Required action: Go through the entries below and print each one exactly, leaving out pictures.

[Data records]

────────────────────

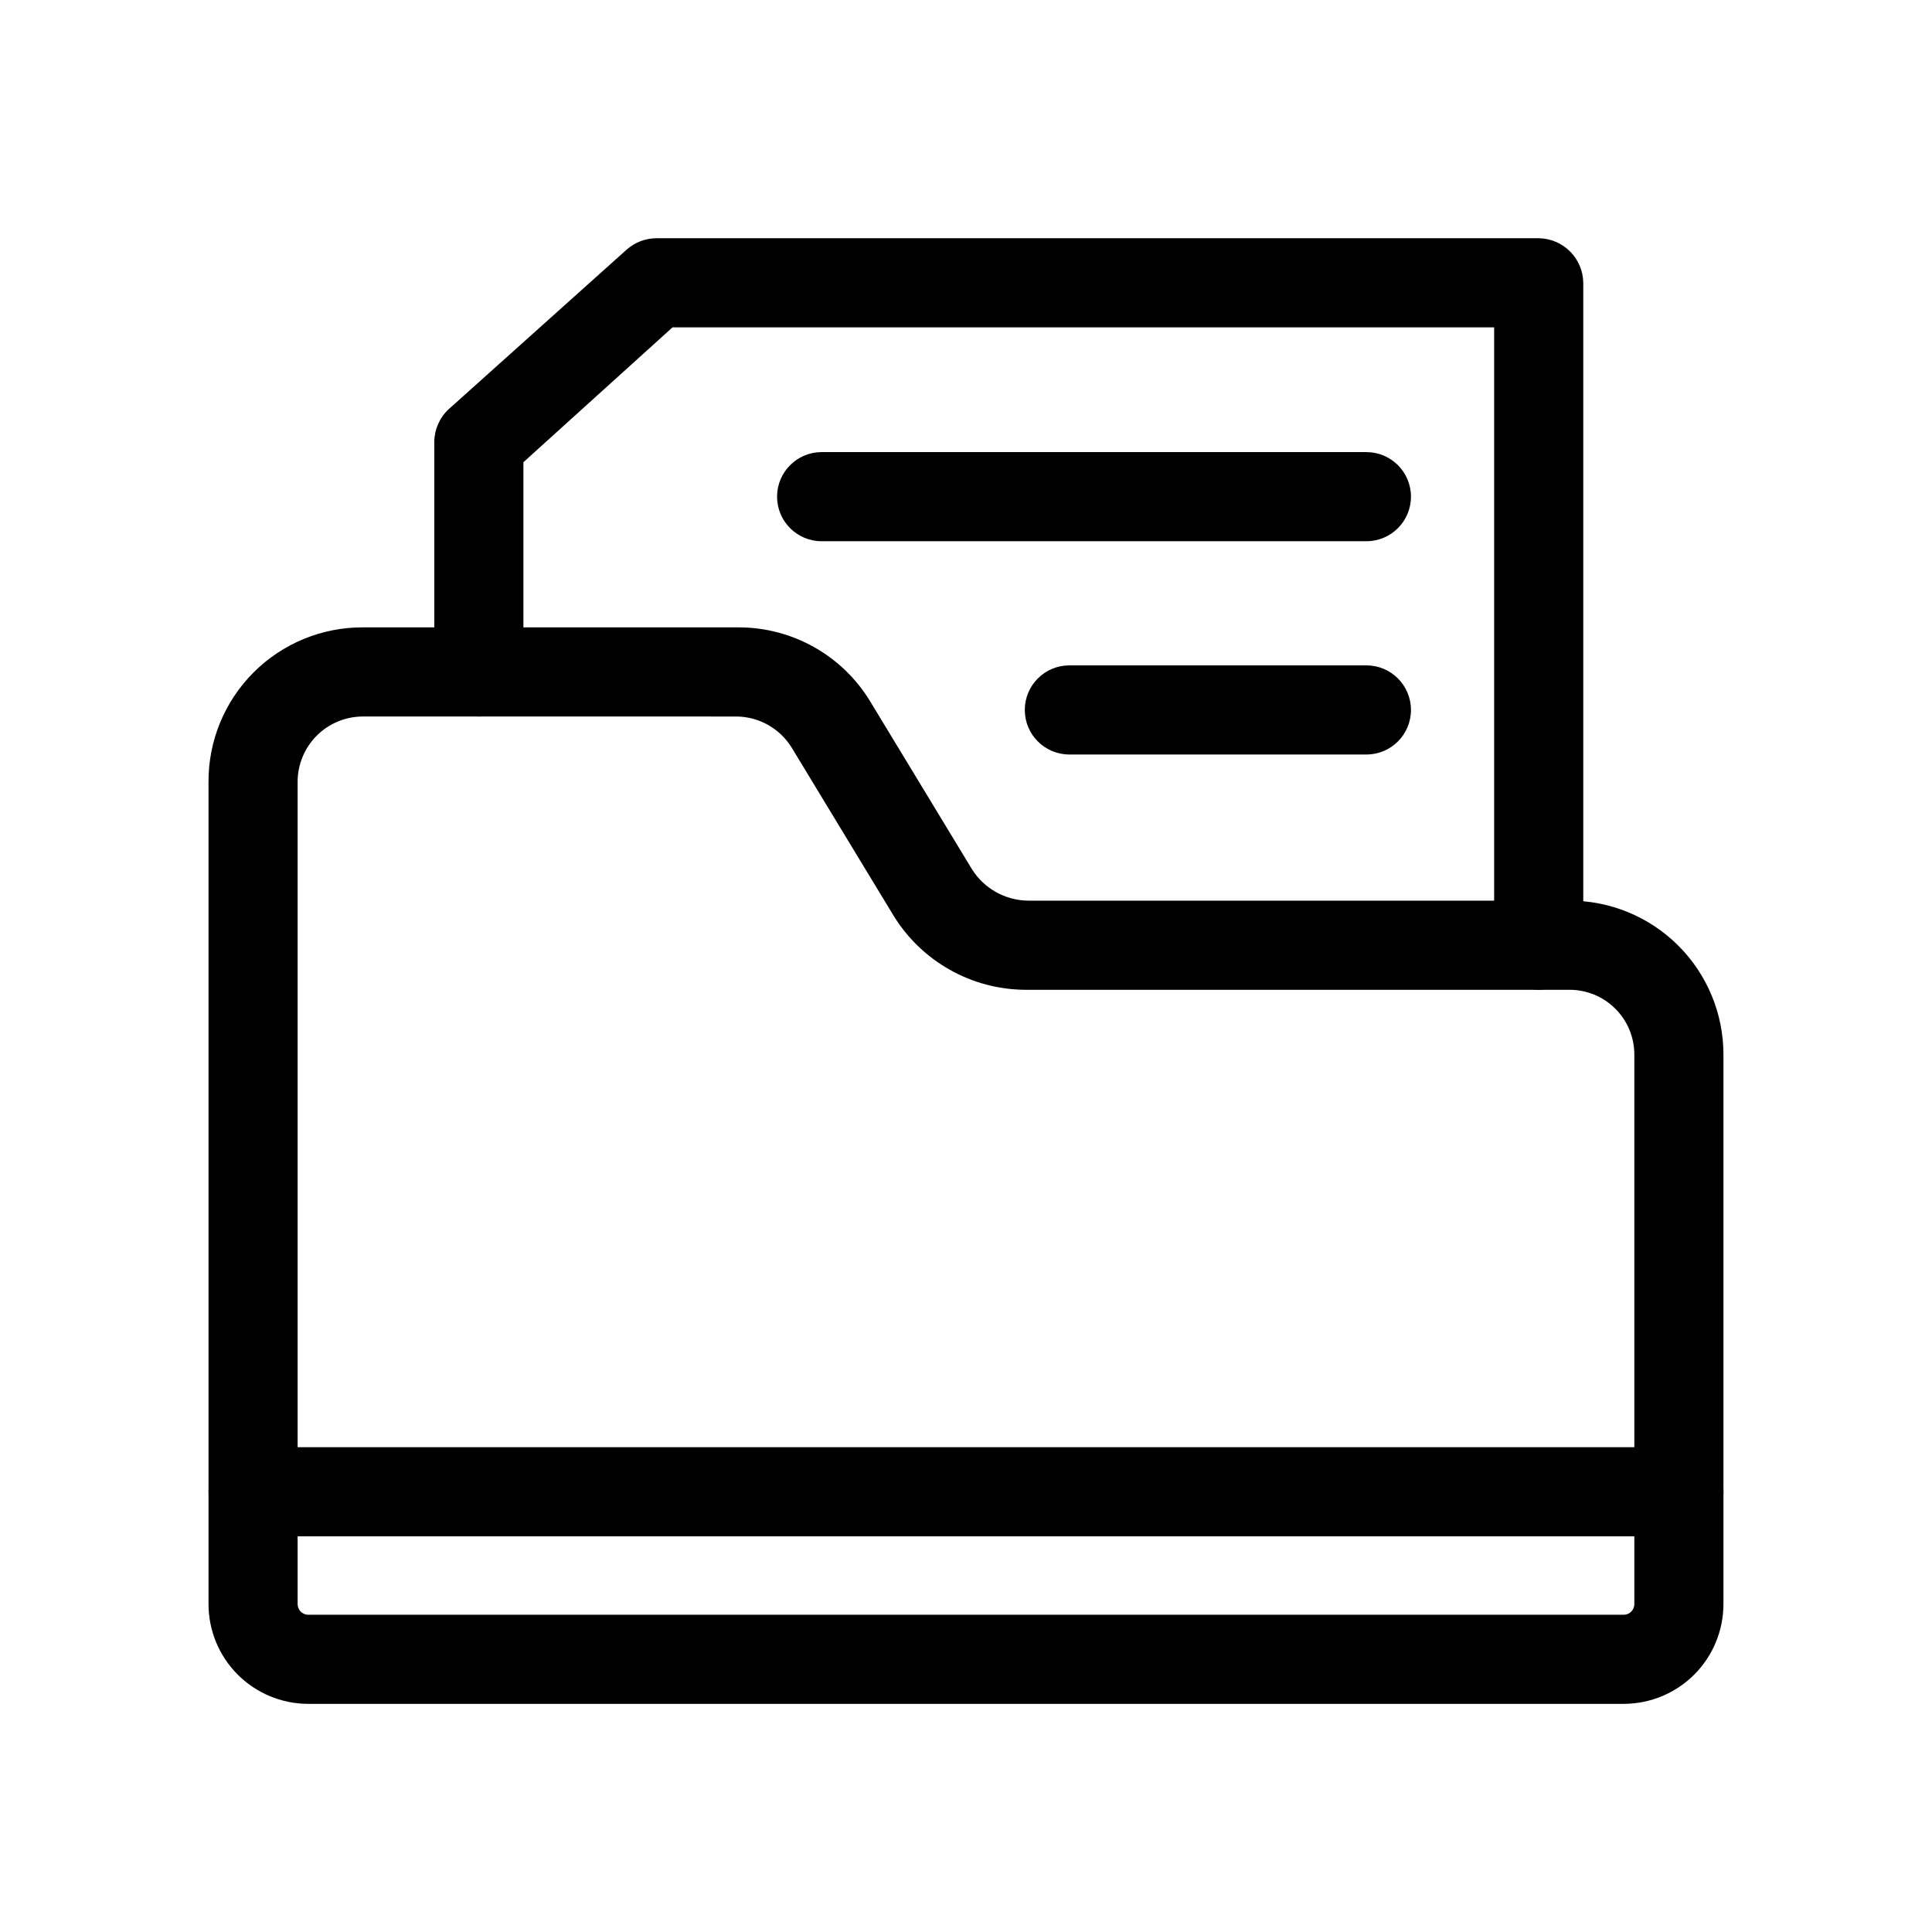 <?xml version="1.0" encoding="UTF-8"?>
<!-- Uploaded to: ICON Repo, www.iconrepo.com, Generator: ICON Repo Mixer Tools -->
<svg fill="#000000" width="800px" height="800px" version="1.1" viewBox="144 144 512 512" xmlns="http://www.w3.org/2000/svg">
 <g>
  <path d="m574.44 595.54h-348.89c-6.988-0.043-13.676-2.848-18.602-7.801-4.926-4.957-7.691-11.66-7.691-18.648v-217.9c-0.043-10.867 4.258-21.305 11.941-28.992 7.688-7.684 18.125-11.984 28.992-11.941h99.504c14.293-0.02 27.555 7.445 34.953 19.68l26.922 44.398c3.199 5.109 8.77 8.25 14.797 8.344h143.43c10.844-0.043 21.254 4.234 28.934 11.887 7.684 7.652 12 18.047 12 28.891v145.63c0 6.988-2.766 13.691-7.691 18.648-4.926 4.953-11.613 7.758-18.602 7.801zm-334.25-261.66c-4.594 0-8.996 1.824-12.246 5.07-3.246 3.25-5.07 7.652-5.07 12.246v217.9c-0.004 1.504 1.172 2.75 2.676 2.832h348.89c1.504-0.082 2.68-1.328 2.676-2.832v-145.63c0.004-4.578-1.828-8.969-5.078-12.191-3.254-3.223-7.66-5.012-12.238-4.969h-144.06c-14.27-0.074-27.488-7.516-34.953-19.68l-26.922-44.398c-3.137-5.176-8.746-8.34-14.797-8.344z"/>
  <path d="m551.77 406.3c-6.519 0-11.805-5.289-11.805-11.809v-163.74h-217.74l-39.516 35.738v55.578c0 6.519-5.289 11.809-11.809 11.809-6.523 0-11.809-5.289-11.809-11.809v-60.93c0.02-3.285 1.383-6.414 3.777-8.66l47.23-42.352h0.004c2.172-1.918 4.969-2.981 7.871-2.992h233.8c6.488 0.086 11.727 5.324 11.809 11.809v175.55c-0.082 6.484-5.32 11.723-11.809 11.809z"/>
  <path d="m506.11 287.43h-144.37c-6.523 0-11.809-5.289-11.809-11.809 0-6.523 5.285-11.809 11.809-11.809h144.37c6.523 0 11.809 5.285 11.809 11.809 0 6.519-5.285 11.809-11.809 11.809z"/>
  <path d="m506.11 343.95h-78.719c-6.523 0-11.809-5.285-11.809-11.809 0-6.519 5.285-11.809 11.809-11.809h78.719c6.523 0 11.809 5.289 11.809 11.809 0 6.523-5.285 11.809-11.809 11.809z"/>
  <path d="m588.93 551.14h-377.86c-6.523 0-11.809-5.285-11.809-11.809 0-6.519 5.285-11.809 11.809-11.809h377.86c6.523 0 11.809 5.289 11.809 11.809 0 6.523-5.285 11.809-11.809 11.809z"/>
 </g>
</svg>

────────────────────

Answer below:
 <?xml version="1.0" encoding="UTF-8"?>
<!-- Uploaded to: ICON Repo, www.iconrepo.com, Generator: ICON Repo Mixer Tools -->
<svg fill="#000000" width="800px" height="800px" version="1.1" viewBox="144 144 512 512" xmlns="http://www.w3.org/2000/svg">
 <g>
  <path d="m574.44 595.54h-348.89c-6.988-0.043-13.676-2.848-18.602-7.801-4.926-4.957-7.691-11.66-7.691-18.648v-217.9c-0.043-10.867 4.258-21.305 11.941-28.992 7.688-7.684 18.125-11.984 28.992-11.941h99.504c14.293-0.02 27.555 7.445 34.953 19.68l26.922 44.398c3.199 5.109 8.77 8.25 14.797 8.344h143.43c10.844-0.043 21.254 4.234 28.934 11.887 7.684 7.652 12 18.047 12 28.891v145.63c0 6.988-2.766 13.691-7.691 18.648-4.926 4.953-11.613 7.758-18.602 7.801zm-334.25-261.66c-4.594 0-8.996 1.824-12.246 5.07-3.246 3.25-5.07 7.652-5.07 12.246v217.9c-0.004 1.504 1.172 2.75 2.676 2.832h348.89c1.504-0.082 2.68-1.328 2.676-2.832v-145.63c0.004-4.578-1.828-8.969-5.078-12.191-3.254-3.223-7.66-5.012-12.238-4.969h-144.06c-14.27-0.074-27.488-7.516-34.953-19.68l-26.922-44.398c-3.137-5.176-8.746-8.34-14.797-8.344z"/>
  <path d="m551.77 406.3c-6.519 0-11.805-5.289-11.805-11.809v-163.74h-217.74l-39.516 35.738v55.578c0 6.519-5.289 11.809-11.809 11.809-6.523 0-11.809-5.289-11.809-11.809v-60.93c0.02-3.285 1.383-6.414 3.777-8.66l47.23-42.352h0.004c2.172-1.918 4.969-2.981 7.871-2.992h233.8c6.488 0.086 11.727 5.324 11.809 11.809v175.55c-0.082 6.484-5.32 11.723-11.809 11.809z"/>
  <path d="m506.11 287.43h-144.37c-6.523 0-11.809-5.289-11.809-11.809 0-6.523 5.285-11.809 11.809-11.809h144.37c6.523 0 11.809 5.285 11.809 11.809 0 6.519-5.285 11.809-11.809 11.809z"/>
  <path d="m506.11 343.95h-78.719c-6.523 0-11.809-5.285-11.809-11.809 0-6.519 5.285-11.809 11.809-11.809h78.719c6.523 0 11.809 5.289 11.809 11.809 0 6.523-5.285 11.809-11.809 11.809z"/>
  <path d="m588.93 551.14h-377.86c-6.523 0-11.809-5.285-11.809-11.809 0-6.519 5.285-11.809 11.809-11.809h377.86c6.523 0 11.809 5.289 11.809 11.809 0 6.523-5.285 11.809-11.809 11.809z"/>
 </g>
</svg>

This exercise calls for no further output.